Poi c'è chi decide di portare la Valle d'Aosta dentro generi inaspettati. Felice Rolla, per esempio, sceglie il giallo e ambienta un delitto sul ghiacciaio. È un modo diverso di raccontare la montagna: non più solo luogo di memoria e tradizione, ma anche scenario di intrighi, suspense, contemporaneità.

E oggi? Oggi c'è Mauro Caniggia Nicolotti, che non scrive cronache nobiliari né poesie in patois, ma raccoglie qualcosa di altrettanto prezioso: i frammenti di vita quotidiana, gli episodi che illuminano la storia minuta di un paese. I suoi testi sono brevi racconti, aneddoti, ricordi legati alla memoria familiare e al paesaggio valdostano. È come se raccogliesse i fili di un tessuto che altrimenti si sfilaccerebbe. Se Cerlogne salvava la lingua, Caniggia custodisce la memoria di ogni giorno, quella che rischia di perdersi nel ritmo veloce dell'oggi.

La letteratura valdostana è questo: un cerchio di voci che si passano il testimone. Dal Medioevo ai giorni nostri, dal francese al patois, dalla cronaca nobiliare al diario personale. Non è letteratura da salotto o da premio nazionale: è letteratura di resistenza culturale, che nasce dal bisogno profondo di non scomparire, di lasciare traccia, di dire: noi ci siamo, noi abbiamo una voce.

E forse è proprio questo il suo valore più grande. Questi scrittori non sono autori “regionali” nel senso limitante del termine. Sono uomini e donne che hanno trasformato una piccola lingua alpina in un patrimonio culturale vivo, capace di dialogare con la grande tradizione francese e italiana senza perdere la propria identità. Hanno dimostrato che la cultura di un popolo non si misura dalla sua potenza, ma dalla sua capacità di raccontarsi.

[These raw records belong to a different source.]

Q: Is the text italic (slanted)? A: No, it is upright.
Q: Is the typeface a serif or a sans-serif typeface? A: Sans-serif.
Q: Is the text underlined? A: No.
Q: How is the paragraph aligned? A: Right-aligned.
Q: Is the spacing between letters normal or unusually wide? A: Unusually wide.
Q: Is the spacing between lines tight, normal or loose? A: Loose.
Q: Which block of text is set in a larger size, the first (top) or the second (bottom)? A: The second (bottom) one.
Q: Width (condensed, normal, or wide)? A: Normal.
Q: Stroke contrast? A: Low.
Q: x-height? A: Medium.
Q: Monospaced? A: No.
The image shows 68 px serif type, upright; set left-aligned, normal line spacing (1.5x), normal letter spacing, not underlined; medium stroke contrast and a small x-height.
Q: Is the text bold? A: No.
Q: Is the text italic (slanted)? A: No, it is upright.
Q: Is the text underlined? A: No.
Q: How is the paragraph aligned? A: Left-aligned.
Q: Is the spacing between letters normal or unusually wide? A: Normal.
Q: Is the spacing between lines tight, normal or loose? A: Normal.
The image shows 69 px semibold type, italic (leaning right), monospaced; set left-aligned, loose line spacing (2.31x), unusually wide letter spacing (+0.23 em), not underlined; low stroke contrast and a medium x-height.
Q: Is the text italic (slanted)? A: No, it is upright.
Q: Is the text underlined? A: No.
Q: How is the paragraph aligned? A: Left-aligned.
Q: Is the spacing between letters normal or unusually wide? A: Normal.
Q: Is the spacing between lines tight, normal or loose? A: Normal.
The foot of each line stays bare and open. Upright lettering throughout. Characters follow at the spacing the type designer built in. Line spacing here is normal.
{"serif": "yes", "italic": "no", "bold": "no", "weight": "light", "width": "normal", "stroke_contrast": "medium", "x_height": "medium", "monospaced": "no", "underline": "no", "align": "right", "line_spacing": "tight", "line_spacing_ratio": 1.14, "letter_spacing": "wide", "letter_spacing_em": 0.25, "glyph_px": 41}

Così, quando oggi camminiamo per le strade di un paese valdostano, quando sentiamo risuonare qualche parola in patois, quando leggiamo una targa su un castello, non stiamo solo attraversando un paesaggio. Stiamo attraversando un racconto che continua, pagina dopo pagina, voce dopo voce, da secoli. E che, se lo vogliamo, continuerà ancora.